封印と解放の序曲(4)
炎とカルマは、少し離れた場所から状況を見守っていた。
「……思った以上に厄介ね。」
カルマが低く呟く。
「ここを手放す気はさらさらなさそう。」
「だからこそ、チャンスだ。」
炎は短く答えた。
右手に握る符紋付きの拳銃を、無意識に強く握り込む。
鋭い眼差しは、一瞬たりとも黒燈会の動きを離さない。
——そして、その瞬間。
黒燈会の瘦高の男が、手に持つ松明を勢いよく地面へと叩きつけた。
次の瞬間——
遺跡に張り巡らされていた魔法陣が、一斉に燃え上がる。
爆発的な光がほとばしり、空間を一気に照らし出す。
遺跡の石壁に刻まれた無数の符紋が、一つ、また一つと鮮やかに浮かび上がる。
まるで、長い眠りから目を覚ますかのように——
ゴォォォォォォ……ッ!
突如として、耳をつんざく轟音が響いた。
次の瞬間——
黒い濃霧が、地下から溢れ出す。
重く、禍々しく、異様な気配を放ちながら、遺跡の周囲を覆い尽くしていく。
「力の源が、ついに目覚めた……!」
黒燈会の瘦高の男が、歓喜の声を上げた。
その瞳は、異様なまでの興奮に揺れている。
——そして、霧の中から現れたのは、歪んだ魔物たちの影だった。
ギャアアアアアアアアアア!!
獰猛な咆哮と共に、黒燈会の命令に従うかのように、魔物たちは狩人たちへと襲いかかる。
「くそっ……!」
「後退しろ!」
突然の事態に、狩人たちの間に動揺が広がる。
戦闘態勢に入る者、即座に撤退を選ぶ者——
瞬く間に、秩序は崩壊し、戦場は混沌へと飲み込まれていった。
炎とカルマは素早く後方へ下がりつつ、黒燈会の動きを見極める。
カルマが片手を上げると、その掌に紅蓮の焔が灯った。
炎の隣で、彼女がにやりと笑う。
「……どうやら、見てるだけってわけにはいかなそうね。
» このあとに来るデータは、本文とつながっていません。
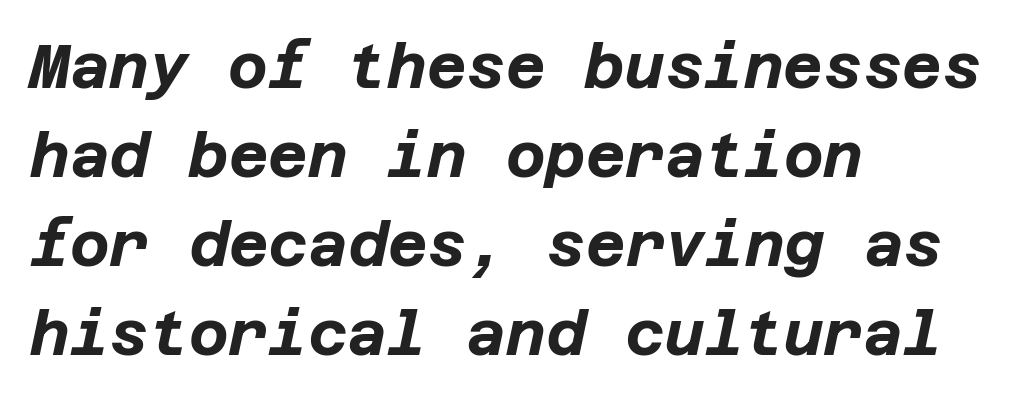
Q: Is the text bold? A: Yes.
Q: Is the text italic (slanted)? A: Yes, it leans right by about 12 degrees.
Q: Is the text underlined? A: No.
Q: How is the paragraph aligned? A: Left-aligned.
Q: Is the spacing between letters normal or unusually wide? A: Normal.
Q: Is the spacing between lines tight, normal or loose? A: Normal.
Q: Width (condensed, normal, or wide)? A: Normal.
Q: Stroke contrast? A: Low.
Q: x-height? A: Large.
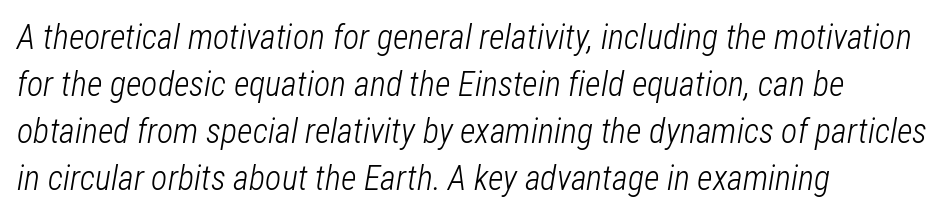
{"italic": "yes", "lean": "right", "slant_degrees": 12, "bold": "no", "weight": "light", "width": "condensed", "stroke_contrast": "low", "x_height": "medium", "monospaced": "no", "underline": "no", "align": "left", "line_spacing": "normal", "line_spacing_ratio": 1.38, "letter_spacing": "normal", "letter_spacing_em": 0.0, "glyph_px": 34}
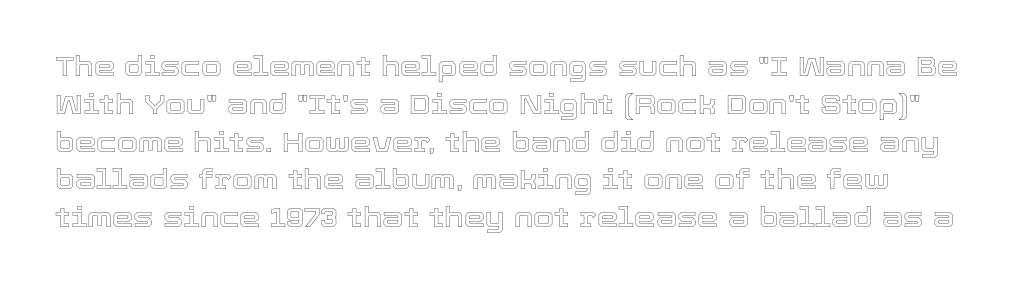
The image shows 27 px text type, upright; set normal line spacing (1.4x), normal letter spacing, not underlined.
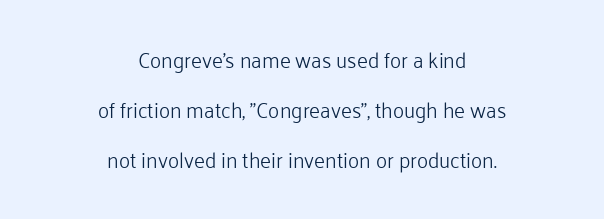
The image shows 21 px text type, upright; set centered, loose line spacing (2.37x), normal letter spacing, not underlined.
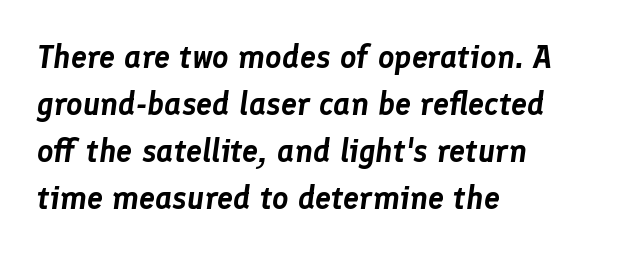
Q: Is the text italic (slanted)? A: Yes, it leans right by about 8 degrees.
Q: Is the text underlined? A: No.
Q: How is the paragraph aligned? A: Left-aligned.
Q: Is the spacing between letters normal or unusually wide? A: Normal.
Q: Is the spacing between lines tight, normal or loose? A: Normal.
Q: Width (condensed, normal, or wide)? A: Normal.
Q: Stroke contrast? A: Low.
Q: x-height? A: Medium.
Q: Monospaced? A: No.
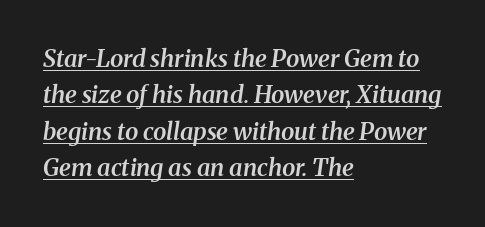
Reading down the column, the eye jumps a familiar distance to each next line. Caption: multi-line text, flush left, ragged right. No extra tracking has been applied to these lines. In terms of posture, this sample is oblique.
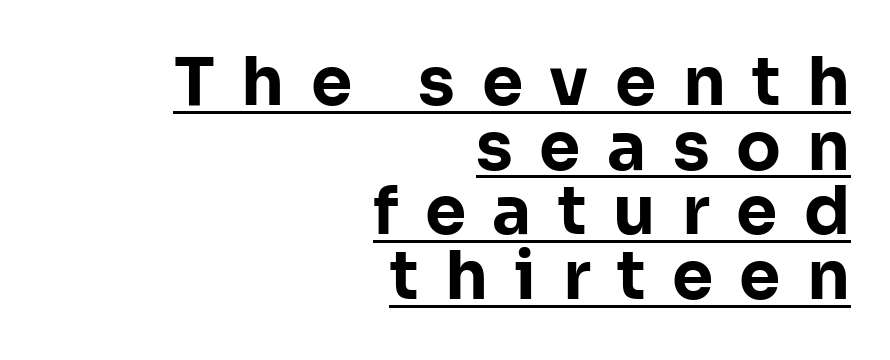
These characters rest on top of a visible drawn line. The setting favours the right margin, as signatures and pull-quotes sometimes do. This is roman type, the default non-slanted kind. Does the leading feel generous? Not at all — it's pinched.
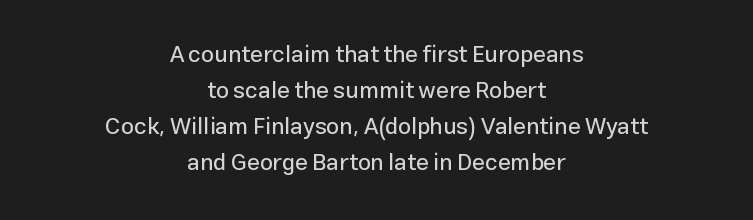
Q: Is the text italic (slanted)? A: No, it is upright.
Q: Is the text underlined? A: No.
Q: How is the paragraph aligned? A: Centered.
Q: Is the spacing between letters normal or unusually wide? A: Normal.
Q: Is the spacing between lines tight, normal or loose? A: Normal.
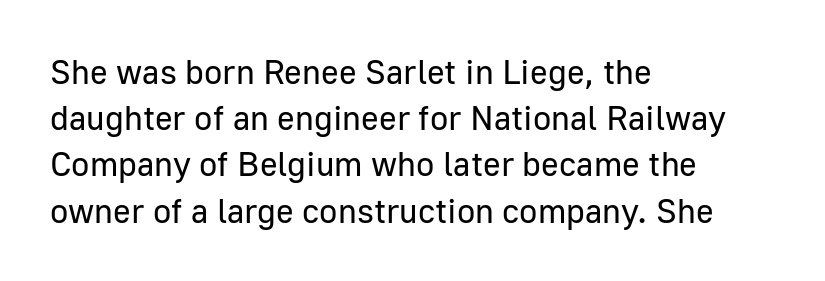
The image shows 34 px regular-weight sans-serif type, upright; set left-aligned, normal line spacing (1.36x), normal letter spacing, not underlined; low stroke contrast and a medium x-height.
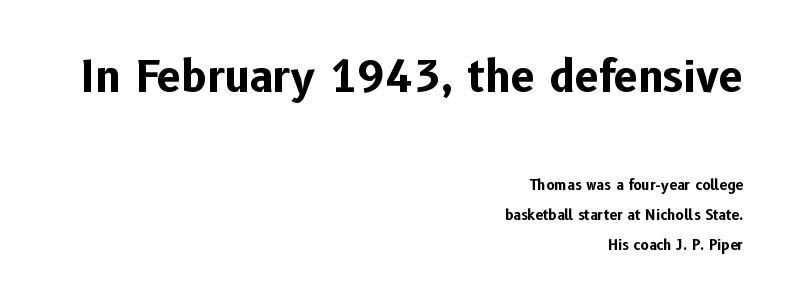
Observe the absence of serifs on each vertical stroke in this sample. A great deal of white space separates one row of letters from the next. Block one is the big one; block two sits smaller underneath. The rendering keeps characters at their native spacing. Pretty heavy lettering here — definitely bold.

」
遺跡は、すでに混乱の渦の中にあった。
力の源が目覚め、黒燈会の儀式が進行する中——
それを阻止しようとする自由狩人たちが、次々と彼らに襲いかかる。
黒燈会の狩人たちは、即座に迎え撃つ。
「やれ……!」
誰かが叫ぶと同時に、契約魔物たちが次々と解き放たれる。
牙を剥き、咆哮を上げながら戦場へと躍り出る魔物たち。
地面が大きく裂ける。
燃え上がる火柱。
鋭い叫び声が、闇夜の空にこだまする。
自由狩人たちは、各々の武器を手に迎撃を開始した。
ある者は儀式陣を破壊しようと突き進み、ある者はひたすら身を守るために防戦一方となる。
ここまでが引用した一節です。